As described in the source code of documentation of Captum:

"Layer Integrated Gradients is a variant of Integrated Gradients that assigns an importance score to layer inputs or outputs, depending on whether we attribute to the former or to the latter one."

In this case, we are interested how the input embeddings of the model contribute to the output.

lig = LayerIntegratedGradients(flair_model_wrapper, flair_model_wrapper.model.embeddings)

To test this, let's take the two paragraphs of an article about business by the Economist.

Which Japanese mogul will leave the biggest legacy?

sentence = """
In the 1990s, when a youthful Son Masayoshi, a Japanese entrepreneur, was pursuing acquisitions in his home country, he sought advice from a banker eight years his junior called Mikitani Hiroshi. They shared a lot in common: both had studied in America (Mr Son at the University of California, Berkeley, Mr Mikitani at Harvard Business School); they had a common interest in the internet; and they were both baseball mad. In the decades since, both men have blazed past a stifling corporate hierarchy to become two of Japan’s leading tech billionaires. 
Mr Mikitani, who says in an interview that he did not even know the word “entrepreneur” when he enrolled at Harvard, pioneered e-commerce in Japan via Rakuten, which is now a sprawling tech conglomerate worth $14bn. Mr Son’s SoftBank, after spectacular investments in early internet stocks, muscled into Japan’s telecoms industry. They have both invested heavily in Silicon Valley. They also each own baseball teams named after birds of prey; the SoftBank Hawks and the Rakuten Golden Eagles.
"""

For convience, let's check the label dictionary to see which is 'business'.

This can be useful if you have complex labels, or want to quickly reference labels used by the model.
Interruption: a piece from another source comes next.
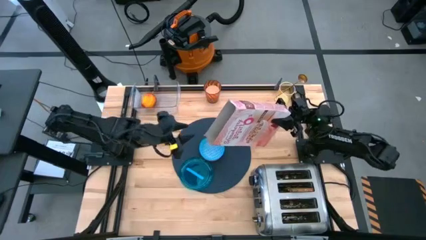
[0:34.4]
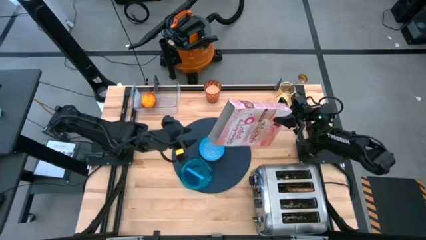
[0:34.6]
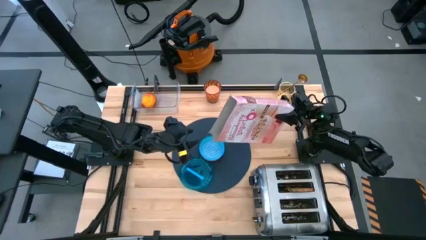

print(flair_model_wrapper.label_dictionary.get_item_for_index(1))

target_label = flair_model_wrapper.label_dictionary.get_item_for_index(1)
business

We also create an empty list to store our attribitions results in order to visualize them using Captum.

visualization_list = []

Let's run the Layer Integrated Gradient method on the two paragraphs, and determine what drives the prediction.

As an additional note, the number of steps & the estimation method can have an impact on the attribution.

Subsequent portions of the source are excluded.